Repeat only the lines below from the one that contains "00:01:03.400" through the final line, exactly. Omit pictures.

┄┄┄┄┄┄

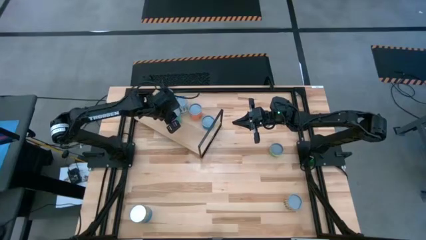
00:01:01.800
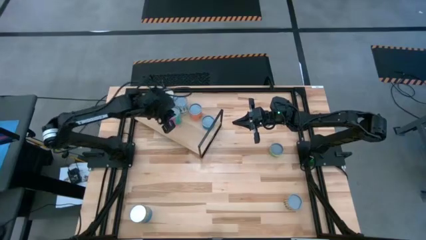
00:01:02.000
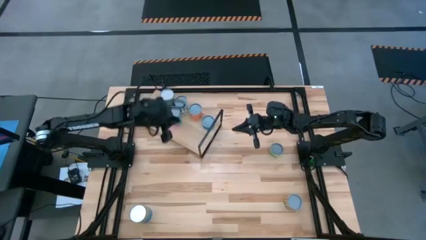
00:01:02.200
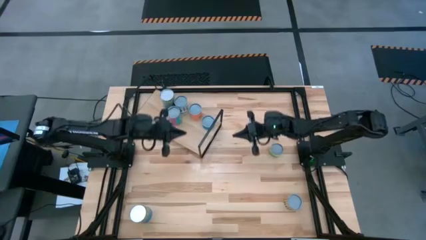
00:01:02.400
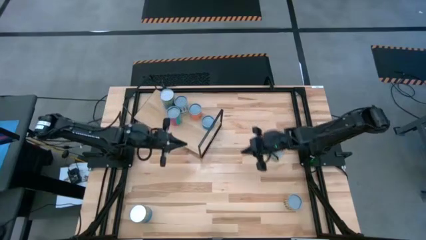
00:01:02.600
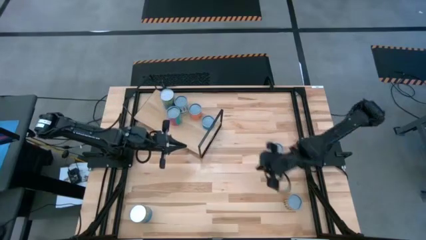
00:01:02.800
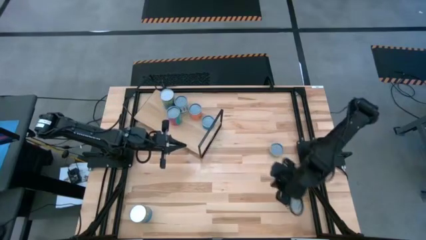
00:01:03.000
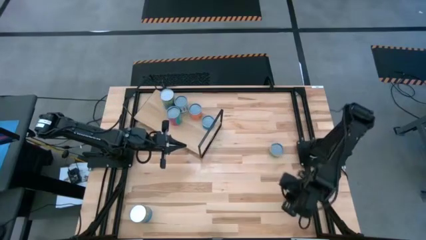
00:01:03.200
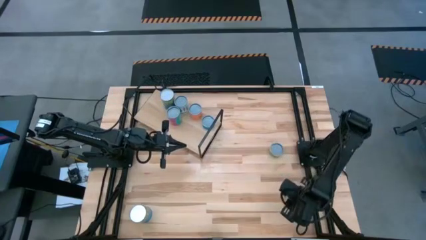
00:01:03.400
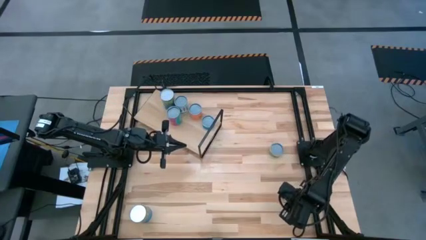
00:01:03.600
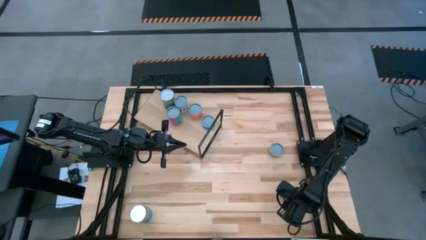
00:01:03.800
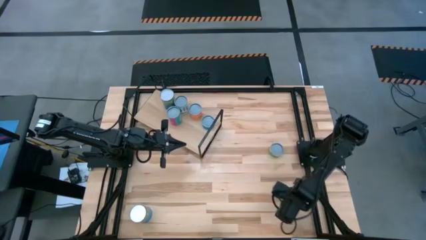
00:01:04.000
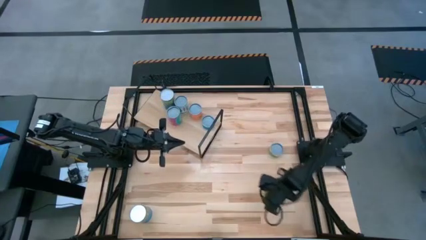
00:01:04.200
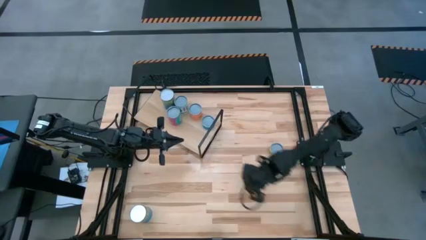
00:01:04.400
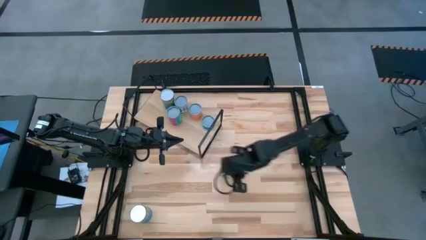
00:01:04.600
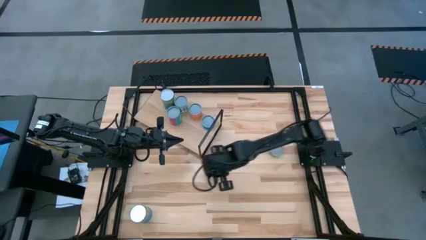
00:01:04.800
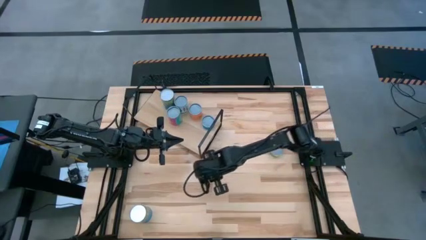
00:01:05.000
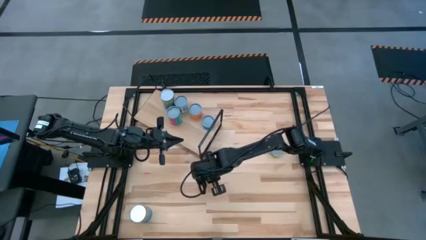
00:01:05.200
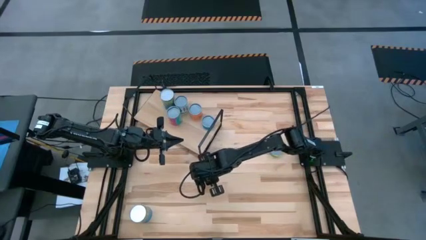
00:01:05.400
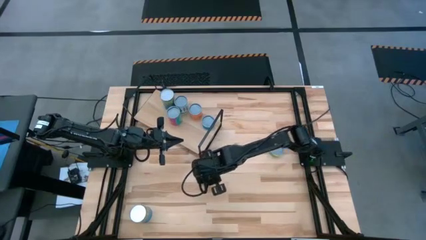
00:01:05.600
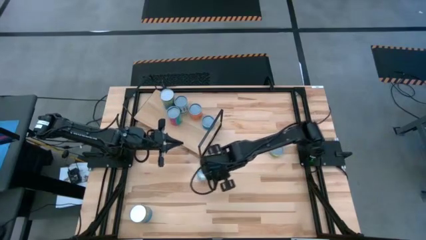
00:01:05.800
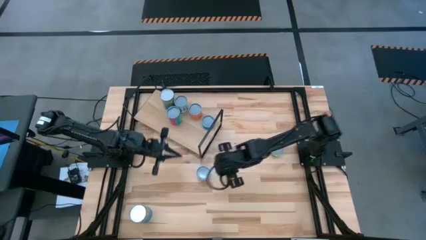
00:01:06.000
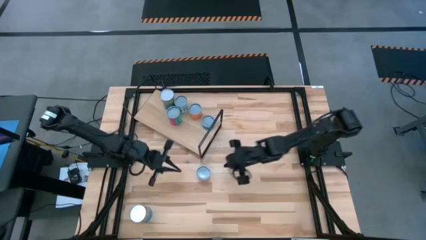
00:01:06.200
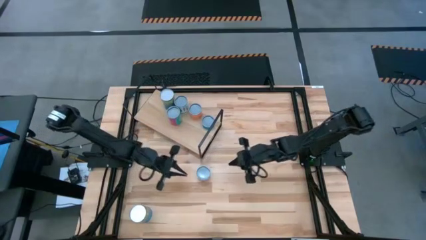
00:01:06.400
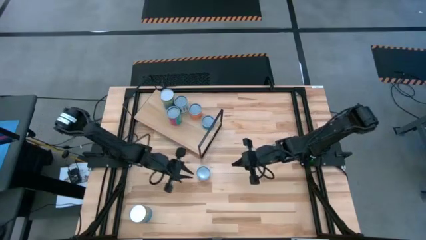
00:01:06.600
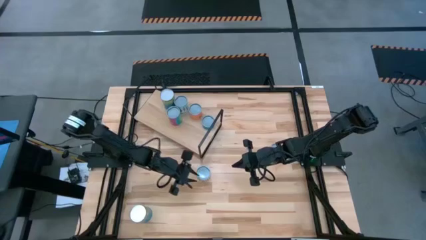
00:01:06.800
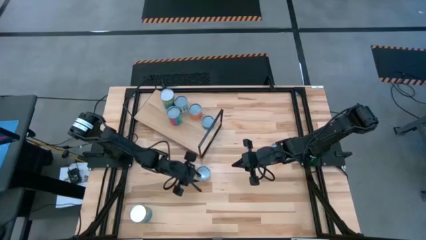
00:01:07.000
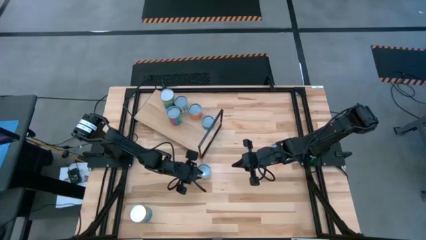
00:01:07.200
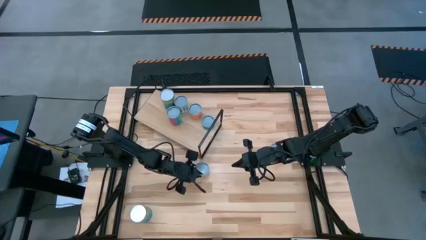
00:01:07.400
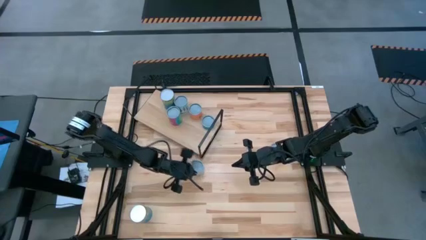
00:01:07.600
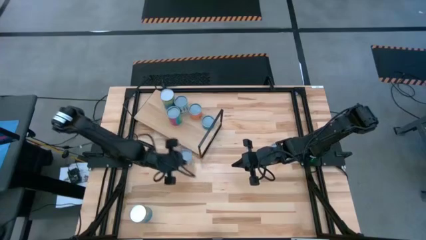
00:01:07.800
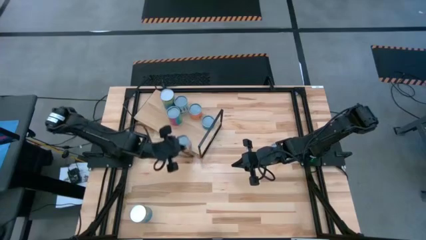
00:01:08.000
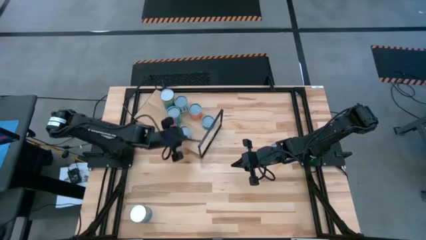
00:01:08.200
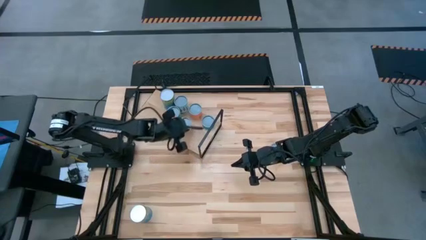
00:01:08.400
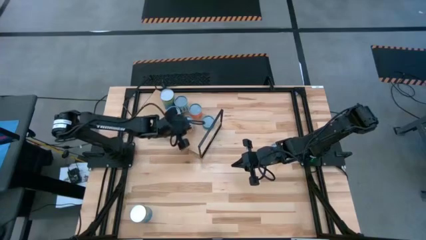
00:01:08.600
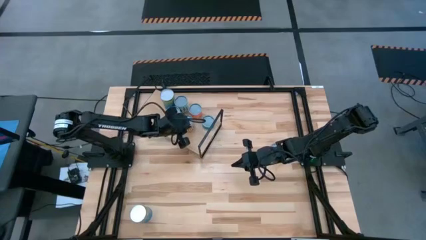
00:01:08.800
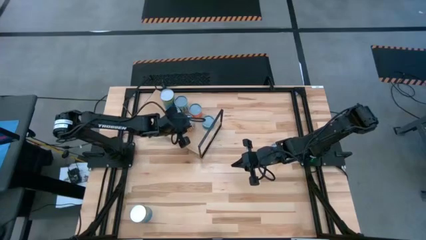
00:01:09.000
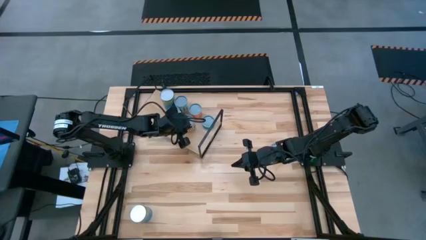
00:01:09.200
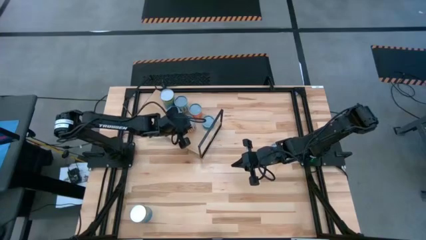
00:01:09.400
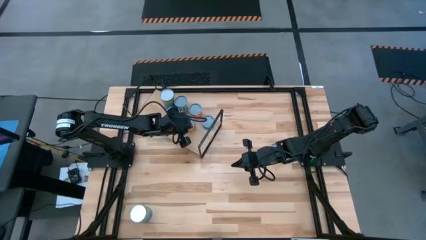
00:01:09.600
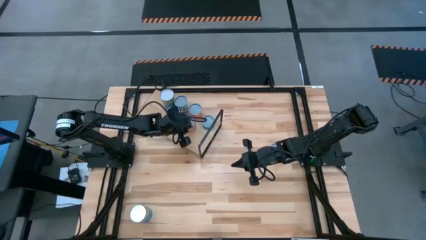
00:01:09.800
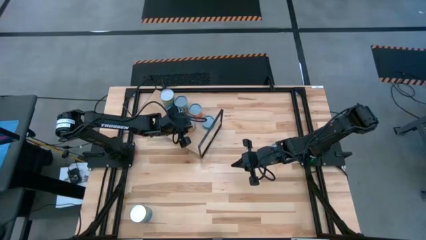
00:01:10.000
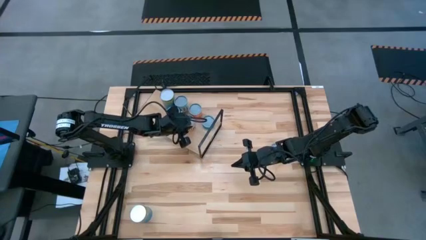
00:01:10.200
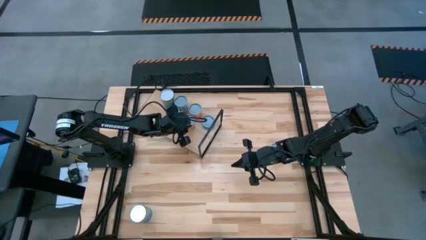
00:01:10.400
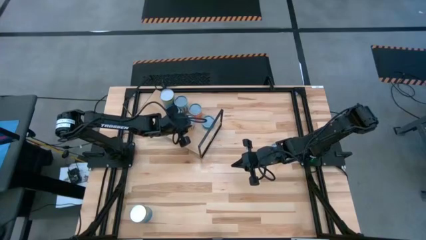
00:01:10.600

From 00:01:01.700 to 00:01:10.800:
Task: Pick and place cans onto a shelf
Put the canned black beans on the shelf

┄┄┄┄┄┄

◆ Result of this task:
00:01:03.400
00:01:03.600
00:01:03.800
00:01:04.000
00:01:04.200
00:01:04.400
00:01:04.600
00:01:04.800
00:01:05.000
00:01:05.200
00:01:05.400
00:01:05.600
00:01:05.800
00:01:06.000
00:01:06.200
00:01:06.400
00:01:06.600
00:01:06.800
00:01:07.000
00:01:07.200
00:01:07.400
00:01:07.600
00:01:07.800
00:01:08.000
00:01:08.200
00:01:08.400
00:01:08.600
00:01:08.800
00:01:09.000
00:01:09.200
00:01:09.400
00:01:09.600
00:01:09.800
00:01:10.000
00:01:10.200
00:01:10.400
00:01:10.600

From 00:01:01.700 to 00:01:10.800:
Task: Pick and place cans onto a shelf
Put the canned black beans on the shelf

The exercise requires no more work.